カセットテープや、今やほとんど見ることのないMDに15年以上前に録音したラジオ番組が残されています。それを聞きながら一句詠みました。
【 古いラジオの録音聞く 夏座敷 】
《背景》季語:夏座敷[夏]
ここ最近、15年以上前のラジオ番組の録音をあらためて聞いている。
そんなに変わり無いのかと思ったら、話しのテンポも掛かる曲も割とゆったりしていて、しかも今と違ってどうでもいいような話しは少なく、心に残る内容が多いことに驚いた。
こんなラジオ番組を聞くには、夏を涼しく過ごそうとした昔の夏座敷が似合うと思った。
襖や障子を取り外して風を通したり、籐の敷物や茣蓙などを敷き、麻の座布団にしたり・・そんな夏の座敷を懐かしく思った。
『暮らし自分流/下重曉子著(海竜社)』を古本で見つけ、読んでみました。
2018年第一刷発行となっていて、過去様々なところから出版された著者の文から「住まい」「おしゃれ」「いいもの、好きなものをつかう」「七十歳からの着物」「暮らしの立ち居振る舞い」「心を遊ばせる時間」などの項目ごとに編集して構成されていました。
いつも下重さんの本を読んでいると、“迷い”が無いです。
それは他の人にはあまり見られないことだと感じました。
「こうしてみよう」と思ったらすぐに実行してみる、その行動力が下重さんのいくつものベストセラーを生む結果を導き出しているのだと思います。
良いと思えば軽井沢で長く住まわれていた家を別荘として手に入れ、そこに仕事場を設けたり、そこが冬寒いとなると、冬用の別荘もすぐ隣に購入して、友人達を招いて宿泊させたりもしていました。
親の残した古い家具なども運び込んで、自分の気に入った家具を気に入ったようにレイアウトし、自分らしい住まいをつくりだしています。

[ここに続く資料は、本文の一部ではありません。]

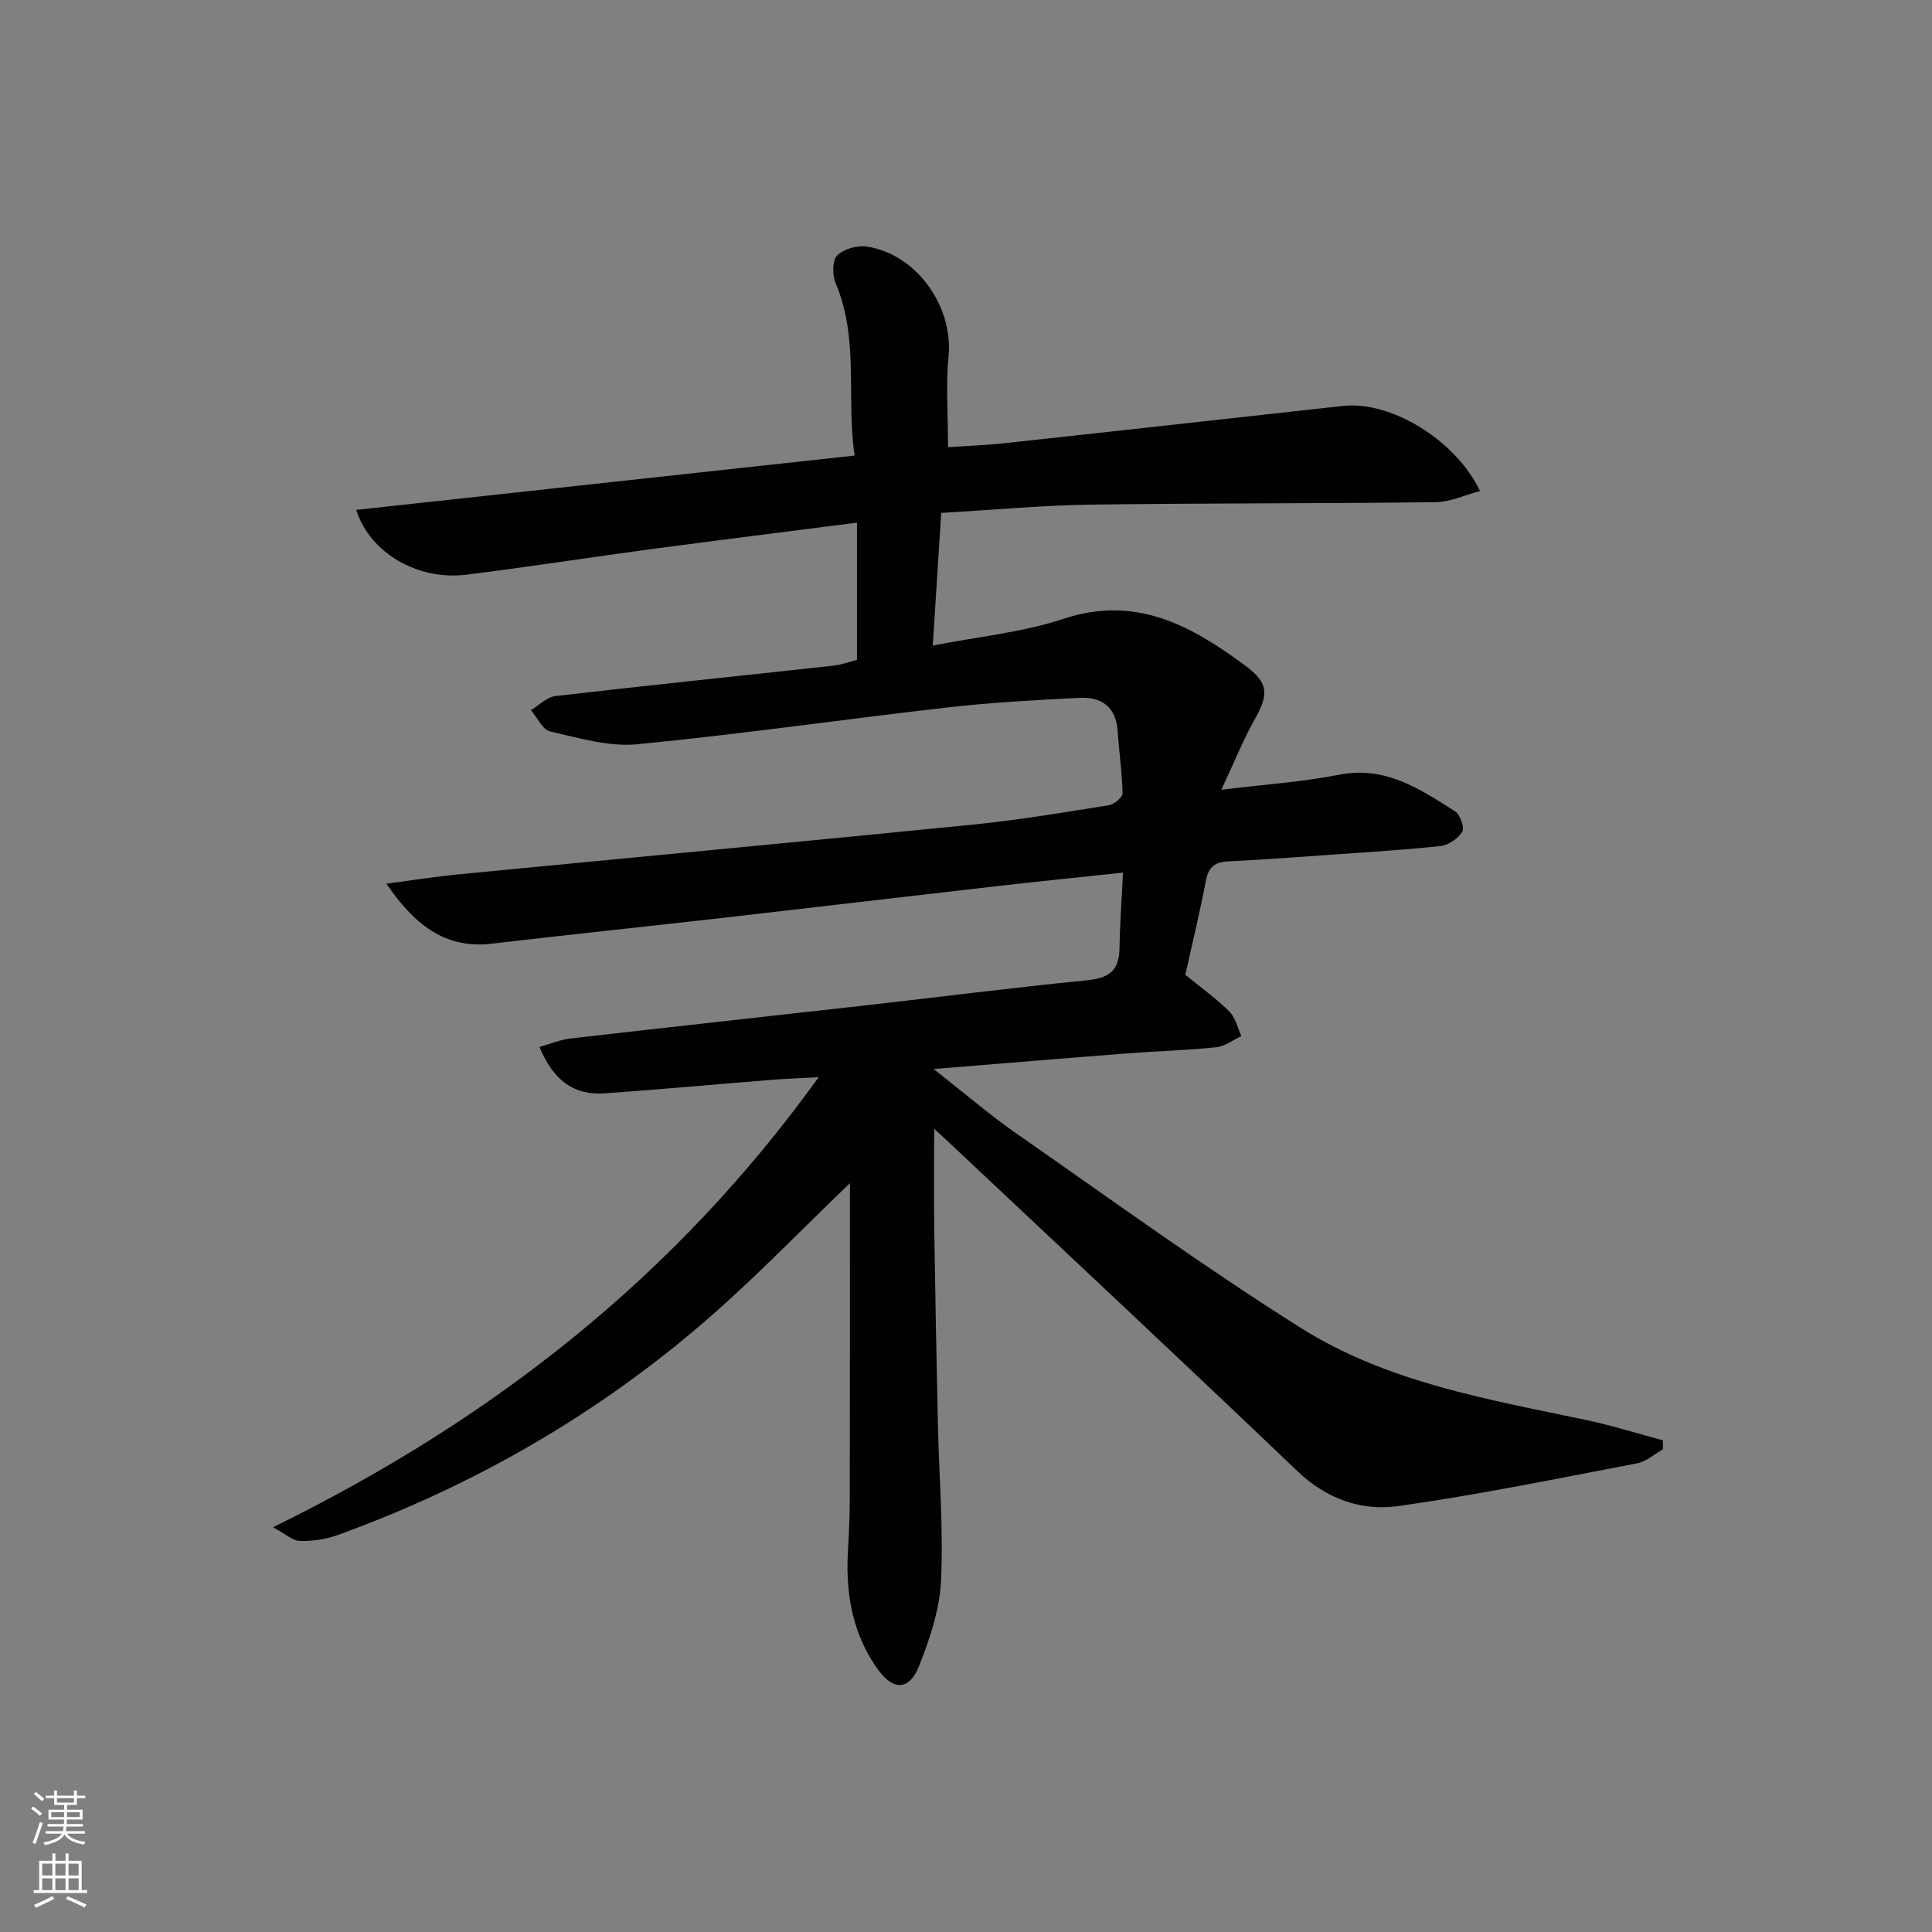 <svg enable-background="new 0 0 400 400" viewBox="0 0 400 400" xmlns="http://www.w3.org/2000/svg"><rect x="0" y="0" width="400" height="400" fill="#808080" stroke="none"/><path d="m175.97 244.96c-10.11 9.71-19.22 19.18-29.08 27.79-22.79 19.88-48.61 34.79-77.04 45.09-2.44.88-5.2 1.27-7.79 1.19-1.53-.05-3.02-1.48-5.53-2.83 45.55-22.36 83.19-51.85 112.97-93.18-4.12.23-6.83.32-9.52.53-11.6.93-23.19 1.99-34.79 2.82-6.46.46-10.68-2.79-13.5-9.62 2.29-.64 4.31-1.5 6.4-1.74 20.13-2.32 40.27-4.5 60.4-6.78 15.52-1.75 31.01-3.73 46.55-5.27 4.38-.43 6.65-1.87 6.73-6.44.09-5.09.46-10.18.74-15.85-9.11.97-17.67 1.83-26.22 2.81-18.98 2.17-37.95 4.42-56.94 6.59-15.85 1.8-31.71 3.45-47.55 5.31-9.84 1.15-16.15-4.17-21.8-12.42 5.1-.67 10.19-1.48 15.3-1.97 35.4-3.44 70.81-6.73 106.19-10.27 9.41-.94 18.75-2.52 28.09-4.01 1.09-.17 2.84-1.62 2.83-2.44-.08-4.3-.72-8.58-1.01-12.88-.33-5.02-3.33-7.15-7.9-6.91-9.11.46-18.24.95-27.3 1.99-21.45 2.44-42.82 5.55-64.3 7.62-5.88.57-12.08-1.31-18-2.65-1.58-.36-2.66-2.89-3.98-4.42 1.69-1 3.3-2.7 5.08-2.91 19.14-2.22 38.3-4.18 57.45-6.28 1.76-.19 3.48-.84 4.98-1.21 0-9.64 0-18.87 0-28.41-14.52 1.86-28.49 3.6-42.46 5.46-12.84 1.72-25.64 3.73-38.49 5.32-9.85 1.22-19.86-4.39-22.73-13.42 34.31-3.74 68.33-7.45 103.19-11.25-1.78-11.81 1.01-24.03-3.92-35.66-.71-1.66-.73-4.69.3-5.75 1.34-1.37 4.17-2.16 6.15-1.86 10.3 1.56 17.9 12.4 16.92 22.64-.58 6.07-.11 12.23-.11 18.9 3.54-.25 7.77-.4 11.97-.86 23.28-2.52 46.56-5.14 69.84-7.69 9.75-1.07 23.21 6.92 28.34 17.63-3.21.84-6.18 2.26-9.16 2.3-23.83.3-47.66.18-71.48.51-9.96.14-19.91 1.08-30.92 1.71-.56 8.84-1.12 17.66-1.75 27.47 9.43-1.86 18.57-2.72 27.06-5.54 15.03-4.99 26.54 1.46 37.73 9.76 4.81 3.57 4.75 5.94 1.85 11.08-2.4 4.26-4.22 8.85-6.89 14.55 9.13-1.12 16.86-1.63 24.39-3.11 9.55-1.88 16.7 2.94 23.97 7.56 1.06.68 2.04 3.4 1.52 4.24-.88 1.42-2.89 2.8-4.56 2.97-8.1.86-16.23 1.33-24.36 1.91-6.47.46-12.94.94-19.42 1.25-2.7.13-4.17 1.01-4.72 3.9-1.3 6.8-2.94 13.54-4.28 19.59 3.59 2.94 6.59 5.06 9.14 7.63 1.25 1.26 1.67 3.35 2.47 5.06-1.73.8-3.4 2.12-5.19 2.31-6.12.64-12.28.8-18.41 1.27-12.85.99-25.69 2.07-40.12 3.24 6.51 5.1 11.63 9.52 17.15 13.36 19.51 13.59 38.78 27.59 58.88 40.25 17.84 11.23 38.61 14.76 58.95 19.03 5.39 1.13 10.66 2.81 15.99 4.23 0 .62 0 1.24.01 1.86-1.77 1-3.43 2.54-5.31 2.9-16.44 3.14-32.86 6.51-49.42 8.85-7.66 1.08-14.87-1.43-20.95-7.24-23.83-22.78-47.93-45.27-71.93-67.86-.84-.79-1.7-1.56-3.26-3.01 0 7.42-.08 14.07.02 20.72.2 13.48.45 26.96.75 40.44.24 10.8 1.16 21.63.65 32.39-.28 5.97-2.31 12.04-4.55 17.67-2.01 5.06-5.29 5.18-8.48.78-5.16-7.13-6.7-15.34-6.27-24 .17-3.49.4-6.99.4-10.48.06-21.81.04-43.62.04-66.26z" fill="#010103"/><g fill="#fbfcfa"><path d="m6.44 374.46.42-.45c.65.47 1.27.95 1.85 1.44l-.45.49c-.65-.56-1.25-1.06-1.82-1.48m.93 7.33-.63-.26c.55-1.36 1.05-2.8 1.53-4.33.19.1.38.19.59.27-.47 1.29-.96 2.73-1.49 4.32m-.38-10.38.44-.42c.43.34 1.01.82 1.74 1.44l-.49.49c-.53-.51-1.09-1.01-1.69-1.51m2.5.35h1.72v-1.04h.59v1.04h3.52v-1.04h.59v1.04h1.75v.53h-1.75v1.42h-2.03v.97h3.22v2.03h-3.24c0 .35-.01.66-.03.93h3.32v.53h-3.37c-.03.27-.08.58-.15.94h3.96v.53h-3.71c.67.92 1.93 1.48 3.79 1.68-.13.24-.23.44-.29.59-2.13-.38-3.48-1.08-4.04-2.12-.43.97-1.77 1.72-4.03 2.23-.09-.19-.2-.37-.33-.55 2.1-.42 3.37-1.03 3.81-1.83h-3.36v-.53h3.58c.08-.29.13-.61.16-.94h-3.33v-.53h3.39c.02-.27.04-.58.04-.93h-3.23v-2.03h3.25v-.97h-2.07v-1.42h-1.73zm1.12 3.44v1h2.65c.01-.3.02-.44.01-.4v-.25-.35zm1.19-2h3.52v-.91h-3.52zm4.71 2h-2.63v.59c0 .15-.01.28-.01.4h2.64z"/><path d="m13.56 383.74h.63v1.52h2.72v6.07h1.13v.6h-11.06v-.6h1.13v-6.07h2.73v-1.52h.63v1.52h2.1v-1.52zm-2.69 8.83.38.56c-1.24.63-2.53 1.25-3.85 1.85-.1-.21-.21-.42-.34-.63 1.37-.55 2.63-1.15 3.81-1.78m-2.13-4.27h2.1v-2.45h-2.1zm0 3.04h2.1v-2.46h-2.1zm2.72-3.04h2.1v-2.45h-2.1zm0 3.04h2.1v-2.46h-2.1zm6.07 3.6c-1.41-.71-2.7-1.3-3.86-1.78l.35-.56c1.45.62 2.75 1.19 3.88 1.72zm-1.25-9.09h-2.1v2.45h2.1zm-2.09 5.49h2.1v-2.46h-2.1z"/></g></svg>

骨董に興味があり、勧められると骨董商の資格免許を取って、骨董商まで始めてしまいます。
何年かやってずっと赤字だとスパっとやめています。
そういうところの決断力もすごい。
服装にしても、自分はこれこれこういうものが好きだし、自分はこういうものが似合って、コーディネイトはこうするのがいいと決めると迷いのないファッションを心がけています。
そして人との付き合い方も自分の考え方と実際のやり方がしっかりと決まっていて、ちょっと凡人には難しくて真似出来ないこともあるよなぁと思ったりもしましたが。
でも年齢を重ねてくると、あれこれ迷って何か月も何年も経ってしまうような人が多い中、下重さんのような感覚で物事を決め、実行していくことによって、自分でも納得できる生き方、住まい方が出来るだろうと思いました。
私もある程度考え方を決めておいて、家のことや、家族その他のことについてもうまく判断・決断しながら生きて行こうと思いました。
『京都暮らしの四季 -極楽のあまり風-/麻生圭子著(文春文庫)』を古本で見つけ、読んでみました。
麻生さんの京都町屋暮らしについて書かれた本については過去このブログで「東京育ちの京町屋暮らし」という本をご紹介したことがあります。
著者の麻生さんがいよいよ京都の町屋を手に入れ、修復、改築しながら町屋暮らしを実現しようと奮闘するお話しでした。
今回ご紹介する本では、京都町屋暮らしを始めて、あらためて京都の過酷ともいえる夏や冬の環境の中でどうやってその暮らしを楽しみながら営み続けるか、ということが書かれていました。
京都の町屋というものが、独特の奥に細長い形状で、さらにいくつもの扉、障子などを開けて部屋の中を通り抜けるものであったり、中庭や土間がある中での生活がどのように四季と関わっていくのか・・また、そんな状況を楽しめるのか、そんなことが書かれていましたが、著者は戸惑いつつもやがて「これが京都の町屋暮らしだ」と気づき、その良さや風情に喜びを感じていく様子がわかりました。
ヤモリも出れば、ホタルも出る、夜中に起きて用を足せばその音が隣近所に筒抜けになる、建具は季節によって“衣替え”をするなど、いいんだかなんだか私にはわからない部分もありましたが、でも麻生さんが選んだ「京町屋暮らし」は人生の貴重な部分を占めているのではないかと思いました。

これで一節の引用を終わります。